While MSF has long advocated for the use of compulsory licensing as needed to ensure countries benefit from the price-lowering effect of competition among generic producers to increase access to essential medicines, this route is not efficient during pandemic conditions: legal obstacles, pressure from pharmaceutical corporations and red tape make it too cumbersome, slow and complicated to address pandemic-level challenges. The proposed TRIPS waiver would provide countries with an effective and expeditious way to remove key IP barriers in advance, rather than wait for barriers to hit and then scramble into action.
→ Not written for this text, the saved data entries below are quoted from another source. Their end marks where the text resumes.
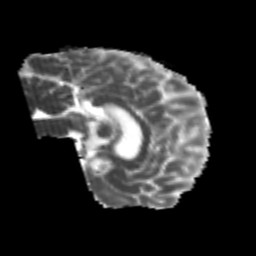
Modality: MD
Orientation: sagittal
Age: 25
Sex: male
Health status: healthy
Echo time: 0.074 s
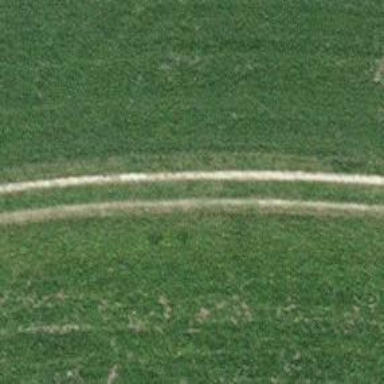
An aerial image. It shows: Track with grade 4 track type.
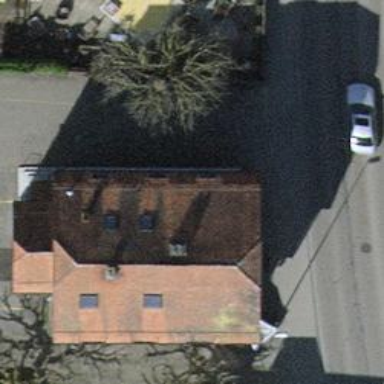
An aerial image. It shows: Restaurant.
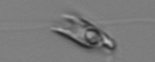
Label: Chrysochromulina_lanceolata
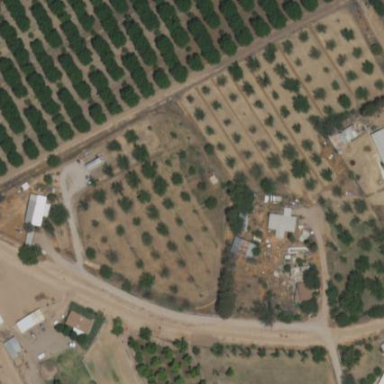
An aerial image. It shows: Orchard.
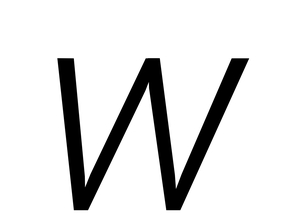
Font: Roboto-Italic_Light_Italic
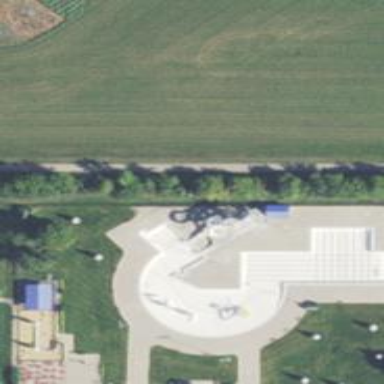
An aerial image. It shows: Water slide attraction.
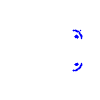
Particle: proton
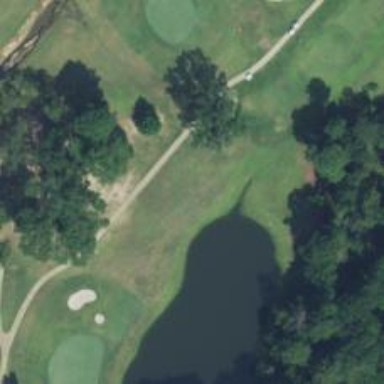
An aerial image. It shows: View of golf hole.

“The EU’s continued insistence on the use of compulsory licensing in its counter-proposal as an excuse for opposing the original ‘TRIPS waiver’ is disingenuous and endangers public health globally,” said Dimitri Eynikel, EU Policy Advisor for MSF’s Access Campaign. “By focusing just on compulsory licensing, the EU is promoting a safeguard that can only bypass patents but not all IP barriers, thereby making it less effective than the proposed waiver. In this raging pandemic, countries need to have all options at their disposal to encourage the manufacturing of COVID-19 medical tools across the world. The EU and other nations opposing this waiver need to stop blocking other countries’ efforts to protect their populations in a public health emergency.” 

Meanwhile, many members of the European Parliament are making efforts to garner support for the waiver proposal. Last month, the European Parliament adopted a resolution on ending the HIV/AIDS epidemic by 2030, wherein a clear call was made to support the TRIPS waiver proposal. The European Parliament is expected to vote on a specific resolution in support of the waiver proposal between 7 and 10 June. A number of countries that continue to resist the waiver proposal are also part of the Group of 7 (G-7), whose heads of state are meeting at a summit next week. G-7 leaders should, at this critical moment in a pandemic, take concrete steps to show global solidarity and support this important waiver from monopolies to facilitate access to COVID-19 medical tools.

“With new and more transmissible variants of the virus emerging in many countries, we cannot afford to delay the adoption of this waiver and other strategies needed to expedite a global solution for production scale-up and diversification of supply, so that COVID-19 medical tools are accessible and affordable for everyone,” said Guevara.